When search found good results (score >= 0.7) but not confident enough for Tier 2, the system makes a single constrained LLM call with pre-fetched context embedded in the prompt.

### Algorithm

1. Filter results with score >= 0.7, build a pre-fetched context string (excerpts formatted as markdown sections)
2. Inject search data into sandbox as variables:
   * `__query_results_{taskId}` = search results array
   * `__query_meta_{taskId}` = `{resultCount, topScore, hasPreFetched}`
   * Build prompt with pre-fetched context embedded directly
3. Execute with tight LLM overrides: `maxTokens=1024, temperature=0.3`
4. LLM answers from the embedded context. If insufficient, it can use `code_exec` with `silent: true` to read additional documents from the sandbox variables
5. Cache result and return

### Parameters

| Parameter                 | Value |
| ------------------------- | ----- |
| Max tokens                | 1024  |
| Temperature               | 0.3   |
| Max iterations            | 50    |
| Pre-fetch score threshold | 0.7   |
| Max pre-fetched docs      | 5     |

**Cost:** One LLM call with tight token and temperature constraints.

## Tier 4: Full Agentic Loop (8-15s)

When no pre-fetched context is available (search returned nothing above the 0.7 threshold), the system falls back to the full agentic loop.

### Algorithm

1. Same sandbox variable injection as Tier 3
2. Build prompt WITHOUT pre-fetched context — LLM must discover answers via tool use
3. Execute with relaxed LLM overrides: `maxTokens=2048, temperature=0.5`
4. LLM reads search results via `code_exec`, may call `tools.readFile()` to load documents, may loop through multiple tool calls
5. Protected by doom-loop detection (max iterations limit)
6. Cache result and return

### Parameters

| Parameter      | Value |
| -------------- | ----- |
| Max tokens     | 2048  |
| Temperature    | 0.5   |
| Max iterations | 50    |

**Cost:** Multiple LLM calls with tool use.
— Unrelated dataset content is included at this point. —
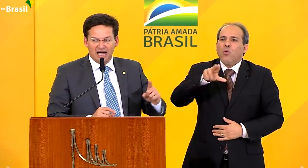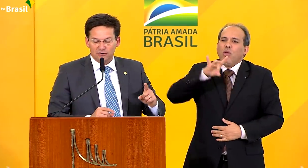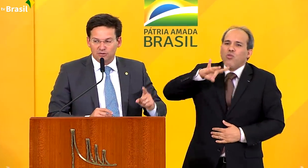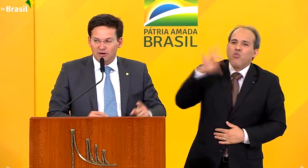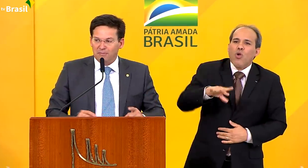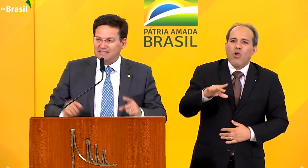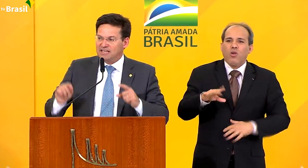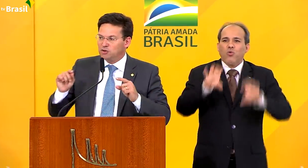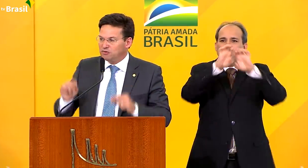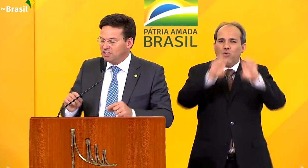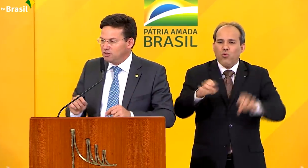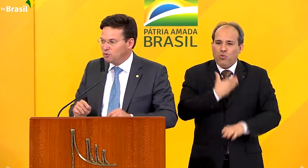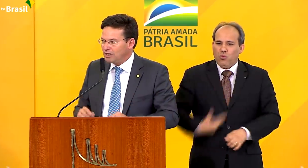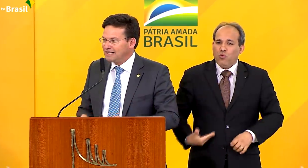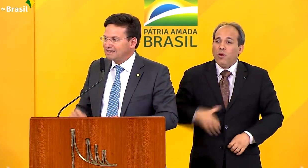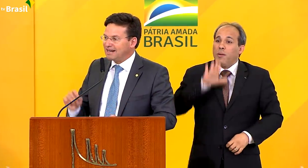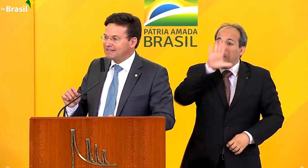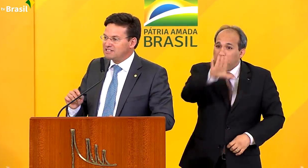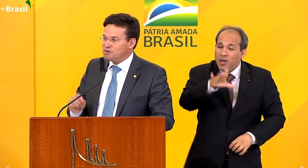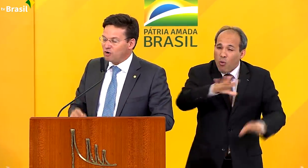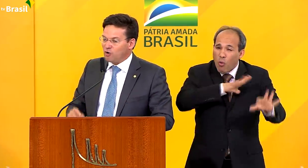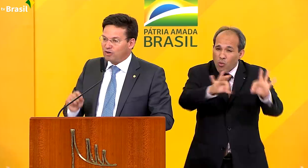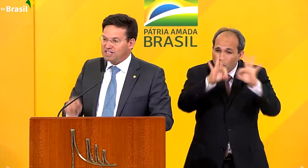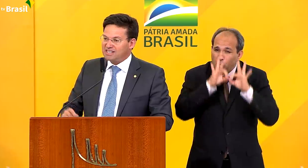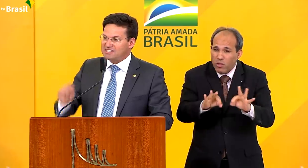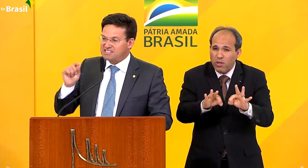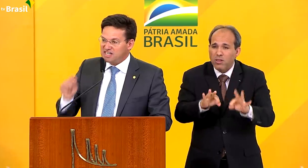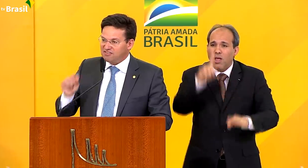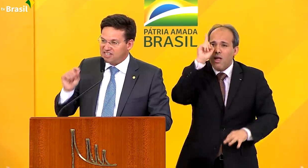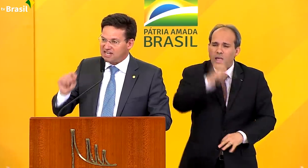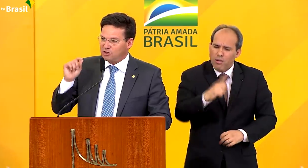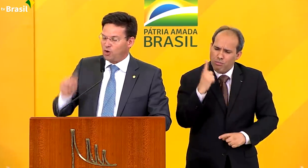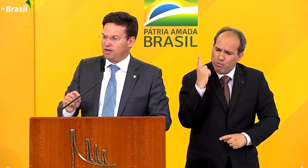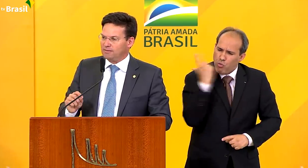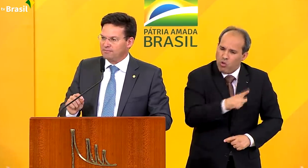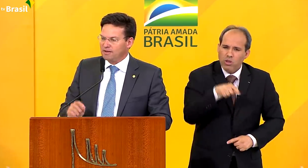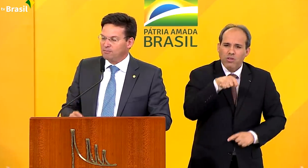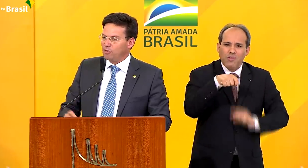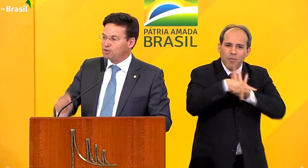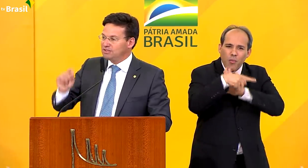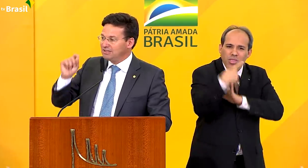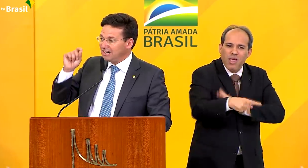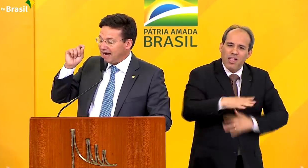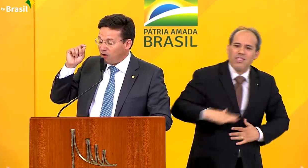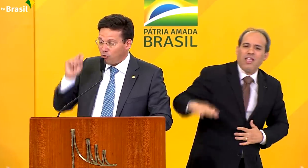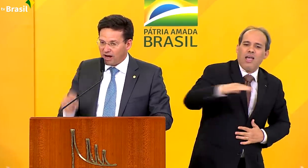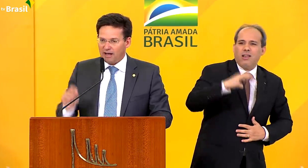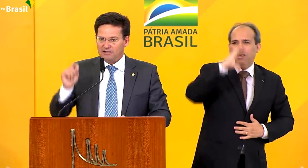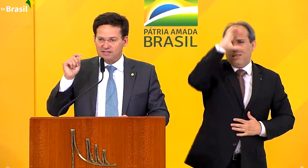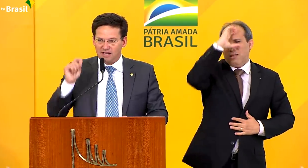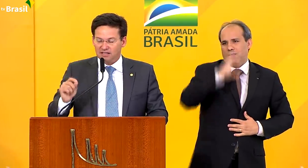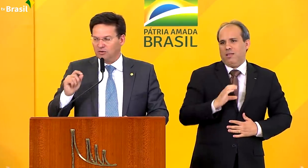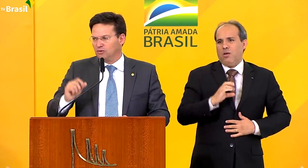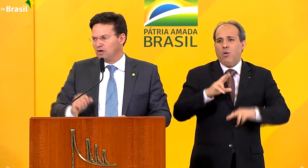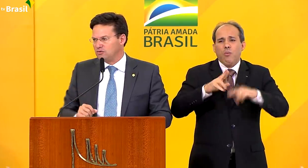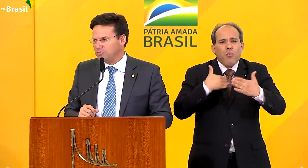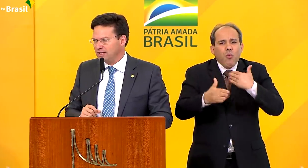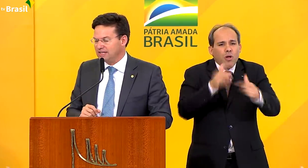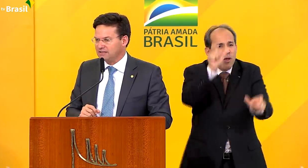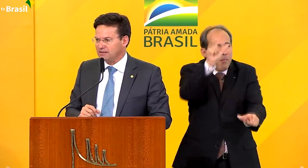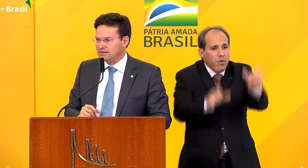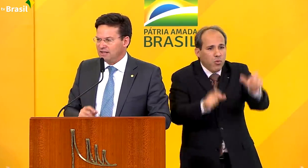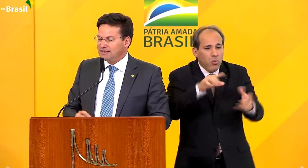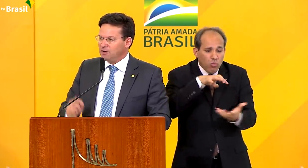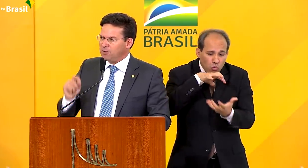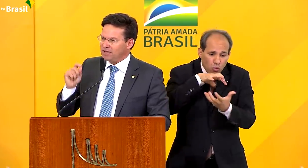ação de Estado, mas, sem dúvida nenhuma, trata-se de uma conquista civilizatória, pois qualquer cidadão no nosso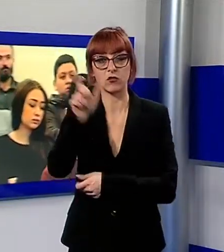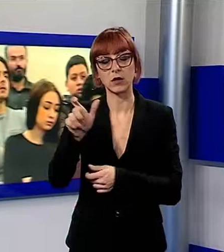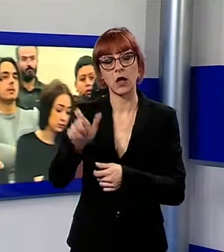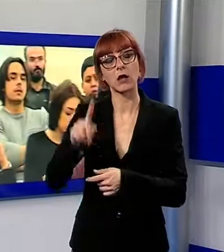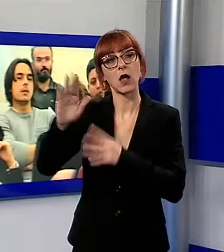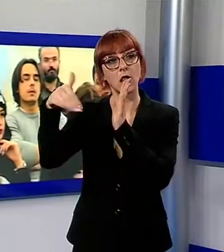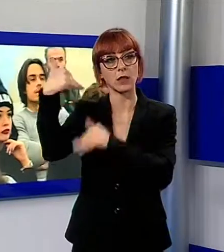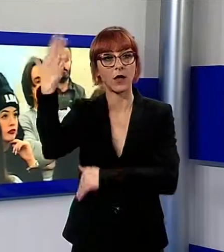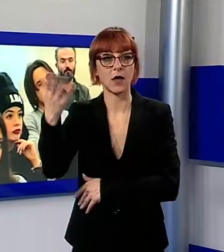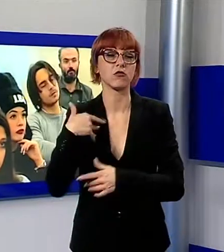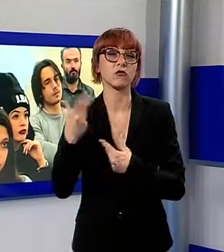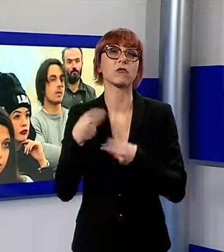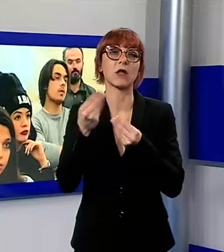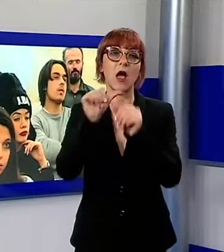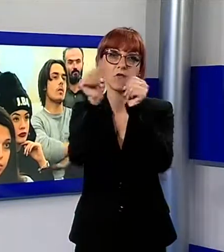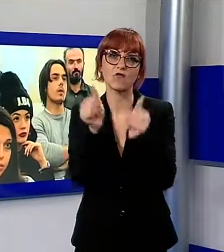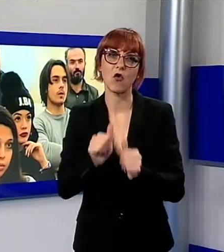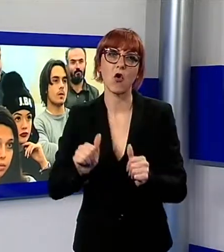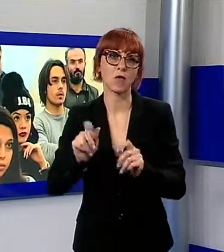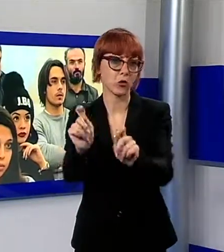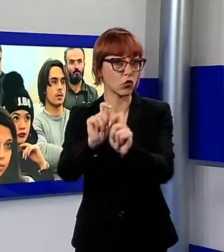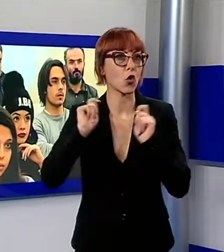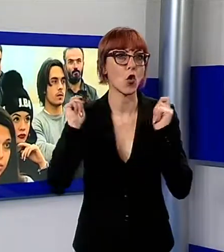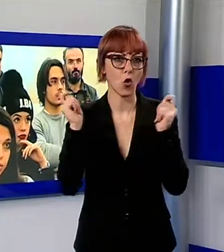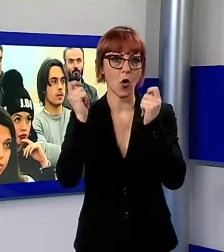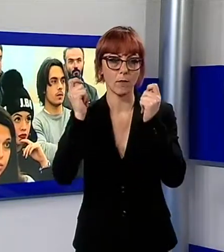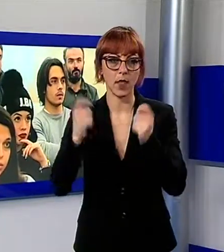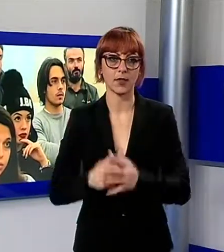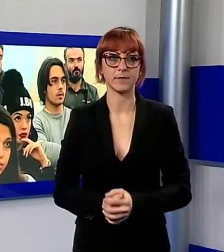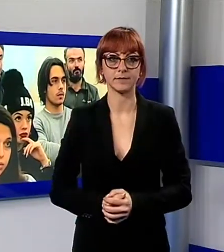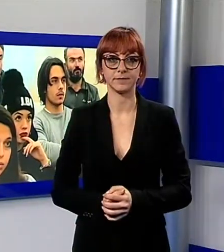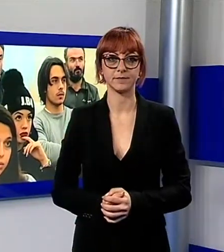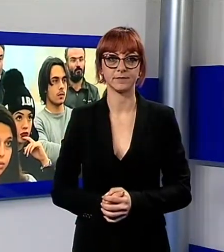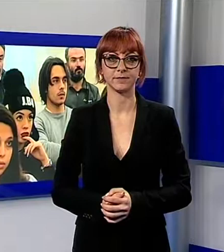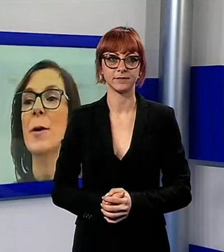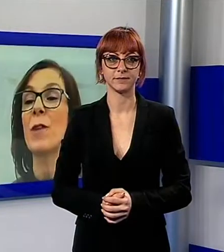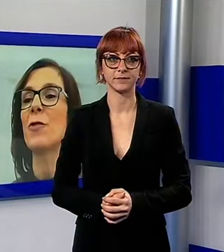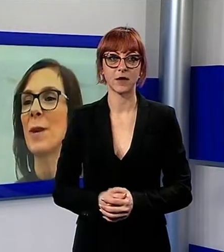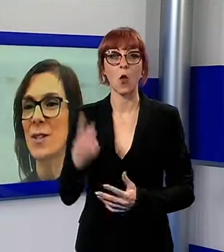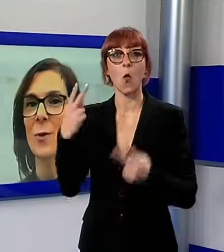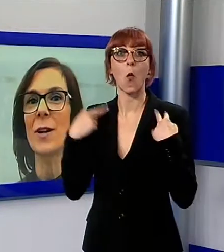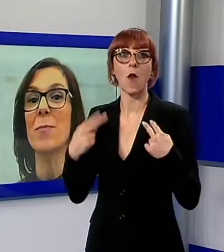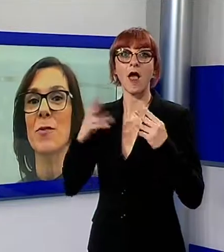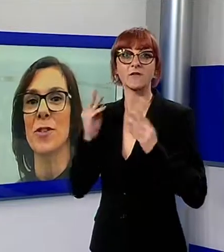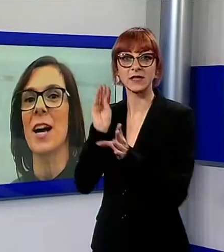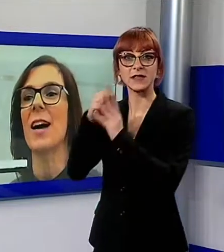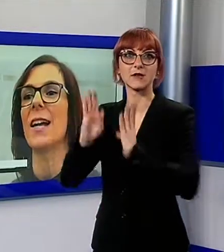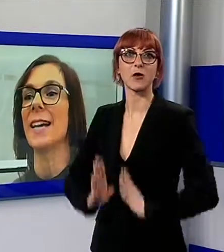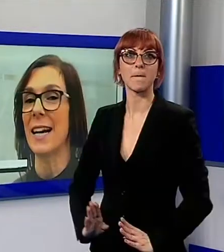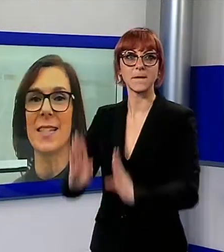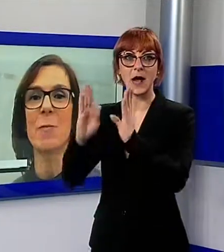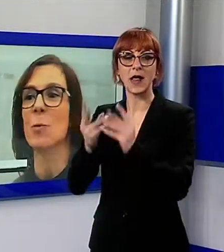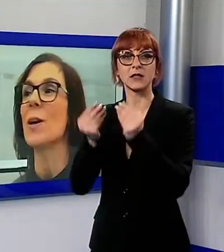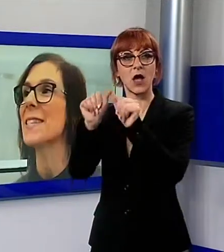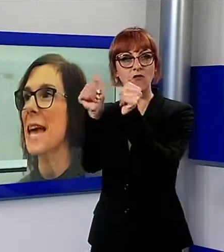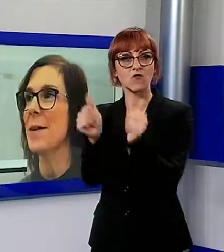all'estero, offrendo una formazione a 360 gradi. Una vita a Palazzo per una formazione professionale

Full agentic loop with loop detection.

## Knowledge Scoring

Search results that feed into Tiers 2–4 are ranked by a compound scoring algorithm:

```
compoundScore = (0.6 x BM25 + 0.2 x importance/100 + 0.2 x recency) x tier_boost
```

All three signals are active — relevance, accumulated importance, and freshness together determine result ranking:

| Signal         | Weight | Source                                                                    |
| -------------- | ------ | ------------------------------------------------------------------------- |
| BM25 relevance | 60%    | MiniSearch full-text search, normalized via `score / (1 + score)`         |
| Importance     | 20%    | Access hits (+3/search) + curate updates (+5/update), decays `0.995^days` |
| Recency        | 20%    | Exponential decay: `e^(-days/30)`                                         |

### Tier Boost Multipliers

Maturity tiers amplify or penalize the compound score:

| Maturity  | Boost |
| --------- | ----- |
| core      | x1.15 |
| validated | x1.00 |
| draft     | x0.85 |

### Maturity Lifecycle (Hysteresis)

```
draft --(importance >= 65)--> validated --(importance >= 85)--> core
draft <--(importance < 35)-- validated <--(importance < 60)-- core
```

The hysteresis gap (e.g., promote at 65, demote at 35) prevents rapid oscillation between tiers.

### Decay Functions

* **Importance decay:** `importance x 0.995^days` (\~78% remaining after 50 days of non-use)
* **Recency decay:** `e^(-days/30)` (half-life of \~21 days)

## Complete Query Flow

```
User Query
    |
    |--- Fire parallel searches (local)
    |
    v
[Tier 0] Exact Cache Lookup
    |--- HIT --> Return (0ms)
    |
   MISS
    v
[Tier 1] Fuzzy Cache (Jaccard >= 0.6)
    |--- HIT --> Return (~50ms)
    |
   MISS
    v
[OOD] All searches returned 0 results?
    |--- YES --> "Not covered" response (0ms, cached)
    |
    NO
    v
[Entity Search] Initial results < 3?
    |--- YES --> Run supplementary entity searches (parallel)
    |
    v
[Tier 2] Direct Response (score >= 0.85 + dominant)
    |--- PASS --> Return formatted markdown (100-200ms)
    |
   NOT DOMINANT
    v
[Tier 3] Single LLM + Pre-fetched Context (score >= 0.7 exists)
    |--- PASS --> Return LLM response (<5s)
    |
   NO CONTEXT
    v
[Tier 4] Full Agentic Loop
    |--- Return LLM response (8-15s)
```

All tier results are cached, so subsequent similar queries resolve at Tier 0 or 1.